Task brief:
Supply the number of lines in the data below that hold "height", and let that number be the whole answer.

== Records supplied ==

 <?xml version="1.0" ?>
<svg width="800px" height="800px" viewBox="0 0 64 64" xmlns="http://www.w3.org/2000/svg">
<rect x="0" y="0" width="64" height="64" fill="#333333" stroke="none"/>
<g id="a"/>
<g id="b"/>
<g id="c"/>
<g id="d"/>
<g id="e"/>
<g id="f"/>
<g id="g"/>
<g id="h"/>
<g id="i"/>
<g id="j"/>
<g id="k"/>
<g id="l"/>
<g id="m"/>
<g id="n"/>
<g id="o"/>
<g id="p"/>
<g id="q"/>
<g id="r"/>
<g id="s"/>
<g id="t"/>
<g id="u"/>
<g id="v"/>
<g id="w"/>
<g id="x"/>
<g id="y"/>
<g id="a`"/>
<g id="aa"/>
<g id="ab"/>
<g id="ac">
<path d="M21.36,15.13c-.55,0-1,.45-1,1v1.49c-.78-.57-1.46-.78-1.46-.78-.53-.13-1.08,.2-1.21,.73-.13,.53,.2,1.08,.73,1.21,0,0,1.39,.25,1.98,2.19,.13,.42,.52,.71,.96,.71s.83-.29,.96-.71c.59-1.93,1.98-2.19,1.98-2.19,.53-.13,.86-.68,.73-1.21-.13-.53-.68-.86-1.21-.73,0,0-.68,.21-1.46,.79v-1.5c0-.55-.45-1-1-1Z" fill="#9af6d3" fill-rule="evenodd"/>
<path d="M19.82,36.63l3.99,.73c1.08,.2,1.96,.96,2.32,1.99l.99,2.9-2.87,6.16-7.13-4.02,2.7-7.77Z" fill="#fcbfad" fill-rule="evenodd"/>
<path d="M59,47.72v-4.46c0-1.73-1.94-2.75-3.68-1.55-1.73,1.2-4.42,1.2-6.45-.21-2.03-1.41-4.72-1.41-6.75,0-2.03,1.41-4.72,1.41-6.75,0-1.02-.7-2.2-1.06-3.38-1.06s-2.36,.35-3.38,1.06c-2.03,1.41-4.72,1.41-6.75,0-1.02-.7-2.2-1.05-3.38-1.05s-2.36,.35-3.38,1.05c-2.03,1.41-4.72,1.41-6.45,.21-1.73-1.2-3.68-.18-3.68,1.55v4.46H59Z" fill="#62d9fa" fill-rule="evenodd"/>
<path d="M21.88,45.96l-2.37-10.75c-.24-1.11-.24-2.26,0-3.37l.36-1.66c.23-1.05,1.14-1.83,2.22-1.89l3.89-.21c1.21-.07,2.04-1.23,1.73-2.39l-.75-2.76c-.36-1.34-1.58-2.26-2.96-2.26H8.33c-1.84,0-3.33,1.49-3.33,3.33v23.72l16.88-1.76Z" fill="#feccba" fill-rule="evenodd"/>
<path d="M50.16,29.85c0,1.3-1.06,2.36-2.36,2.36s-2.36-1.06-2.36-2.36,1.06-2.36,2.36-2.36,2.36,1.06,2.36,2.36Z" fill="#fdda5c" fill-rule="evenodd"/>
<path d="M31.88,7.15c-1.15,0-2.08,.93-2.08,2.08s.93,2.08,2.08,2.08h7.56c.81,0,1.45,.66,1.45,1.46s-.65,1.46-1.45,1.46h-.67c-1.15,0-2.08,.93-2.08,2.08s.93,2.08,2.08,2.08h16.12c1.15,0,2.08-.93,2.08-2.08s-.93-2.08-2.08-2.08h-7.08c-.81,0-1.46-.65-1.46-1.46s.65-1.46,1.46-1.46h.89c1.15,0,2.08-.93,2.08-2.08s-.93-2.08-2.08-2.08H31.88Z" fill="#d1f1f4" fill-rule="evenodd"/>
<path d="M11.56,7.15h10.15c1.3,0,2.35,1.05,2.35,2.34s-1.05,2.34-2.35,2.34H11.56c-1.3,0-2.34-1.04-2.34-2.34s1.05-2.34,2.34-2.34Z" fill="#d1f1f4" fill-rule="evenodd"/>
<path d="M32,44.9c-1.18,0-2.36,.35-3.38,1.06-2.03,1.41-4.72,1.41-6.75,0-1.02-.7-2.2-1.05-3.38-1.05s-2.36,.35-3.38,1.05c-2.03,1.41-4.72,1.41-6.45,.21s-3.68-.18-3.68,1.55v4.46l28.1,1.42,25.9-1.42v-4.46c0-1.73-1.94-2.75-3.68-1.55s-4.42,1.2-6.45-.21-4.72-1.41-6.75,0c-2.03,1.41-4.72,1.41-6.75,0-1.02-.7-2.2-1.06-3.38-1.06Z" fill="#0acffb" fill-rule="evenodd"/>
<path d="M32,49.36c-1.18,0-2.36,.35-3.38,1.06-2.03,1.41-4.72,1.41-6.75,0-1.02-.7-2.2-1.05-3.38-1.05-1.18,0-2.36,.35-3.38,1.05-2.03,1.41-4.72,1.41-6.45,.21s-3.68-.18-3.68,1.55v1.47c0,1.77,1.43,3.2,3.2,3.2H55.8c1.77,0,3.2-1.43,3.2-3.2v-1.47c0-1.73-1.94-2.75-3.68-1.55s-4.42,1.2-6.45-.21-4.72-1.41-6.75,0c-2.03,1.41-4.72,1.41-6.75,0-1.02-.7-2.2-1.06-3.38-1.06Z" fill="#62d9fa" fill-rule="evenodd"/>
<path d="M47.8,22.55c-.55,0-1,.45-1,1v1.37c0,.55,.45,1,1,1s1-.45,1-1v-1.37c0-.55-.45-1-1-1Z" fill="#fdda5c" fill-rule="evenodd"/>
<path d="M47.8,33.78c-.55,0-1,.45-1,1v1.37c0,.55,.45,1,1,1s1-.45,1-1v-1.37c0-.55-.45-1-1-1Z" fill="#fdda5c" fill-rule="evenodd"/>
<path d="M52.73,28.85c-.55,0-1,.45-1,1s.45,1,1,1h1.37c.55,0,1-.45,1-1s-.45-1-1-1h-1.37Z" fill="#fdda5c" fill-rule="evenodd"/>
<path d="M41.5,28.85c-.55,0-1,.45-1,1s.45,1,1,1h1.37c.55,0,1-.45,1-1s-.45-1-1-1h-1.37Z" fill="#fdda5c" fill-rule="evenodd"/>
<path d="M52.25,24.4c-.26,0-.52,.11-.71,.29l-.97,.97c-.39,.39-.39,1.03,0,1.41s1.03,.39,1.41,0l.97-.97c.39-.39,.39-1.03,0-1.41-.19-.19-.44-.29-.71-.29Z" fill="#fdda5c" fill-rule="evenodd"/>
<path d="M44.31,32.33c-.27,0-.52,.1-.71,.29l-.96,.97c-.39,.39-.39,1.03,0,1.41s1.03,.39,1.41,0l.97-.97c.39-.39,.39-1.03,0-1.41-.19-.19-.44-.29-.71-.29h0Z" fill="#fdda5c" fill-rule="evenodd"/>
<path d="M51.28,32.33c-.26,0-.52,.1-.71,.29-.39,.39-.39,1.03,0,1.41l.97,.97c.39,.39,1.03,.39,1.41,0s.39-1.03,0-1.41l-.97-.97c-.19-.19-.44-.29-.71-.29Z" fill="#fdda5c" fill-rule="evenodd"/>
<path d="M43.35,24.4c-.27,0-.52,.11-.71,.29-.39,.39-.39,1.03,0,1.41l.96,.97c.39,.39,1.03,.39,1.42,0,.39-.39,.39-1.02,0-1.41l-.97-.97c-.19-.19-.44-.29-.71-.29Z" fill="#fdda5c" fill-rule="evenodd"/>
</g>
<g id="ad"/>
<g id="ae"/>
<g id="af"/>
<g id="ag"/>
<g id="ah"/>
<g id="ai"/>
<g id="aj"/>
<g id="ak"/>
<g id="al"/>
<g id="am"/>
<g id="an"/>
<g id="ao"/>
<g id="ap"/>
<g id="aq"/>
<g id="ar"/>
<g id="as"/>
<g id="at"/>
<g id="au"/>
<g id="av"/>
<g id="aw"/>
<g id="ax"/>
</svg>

===

Expected answer:
2